Three Things I Learned:
I learned how to make objects in a painting three dimensional. I started out using a lot of outlining and harsh contrasts from light values to dark but I learned to blend colors gradually to give the subject an organic shape. You can see the difference between the studies and my final painting by looking at the curvy shapes on the top of the peppers. In the studies, they are just outlined with a dark value and then filled in with a medium value with some highlights. In my final painting, I blended values gradually but was able to still keep the shape of the curves.
I learned to paint in layers.
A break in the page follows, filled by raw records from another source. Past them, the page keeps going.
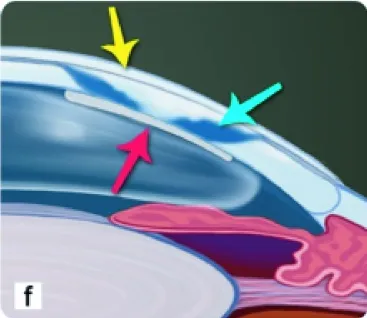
At completion of surgical procedure, retrocorneal sclera patch (red arrow), cyanoacrlate tissue adhesive (blue arrow), and bandage contact lens (yellow arrow).
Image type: radiology (ct)
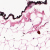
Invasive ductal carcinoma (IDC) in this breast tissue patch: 0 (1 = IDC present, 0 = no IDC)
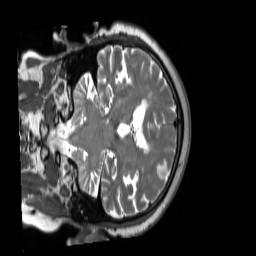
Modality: T2w
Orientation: coronal
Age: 64
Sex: male
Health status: ill
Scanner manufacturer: siemens
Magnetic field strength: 3 T
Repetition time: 2.8 s
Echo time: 0.326 s

The whole painting process is much easier and more organized now that I know the order that makes most sense to paint, starting with blocking out colors and building up more and more layers in the background and then painting the subject over that. For each of the fruits in my final painting, there are probably as many as six layers underneath them of blocking out solid colors, then outlines, then highlights, then gradual values I would nott have been able to paint in just one layer.
I also learned how to ground a still life painting. The most effective way I did this in my opinion was the way I changed the directions of brush strokes and color in the shadow when it went from being on the “ground” to the “wall.” Each surface of background is also a slightly different color so that it does not look like fruit are floating in space. The directions of their brushstrokes also changes from vertical to diagonal depending on which direction they are facing according to the “ground” of the painting.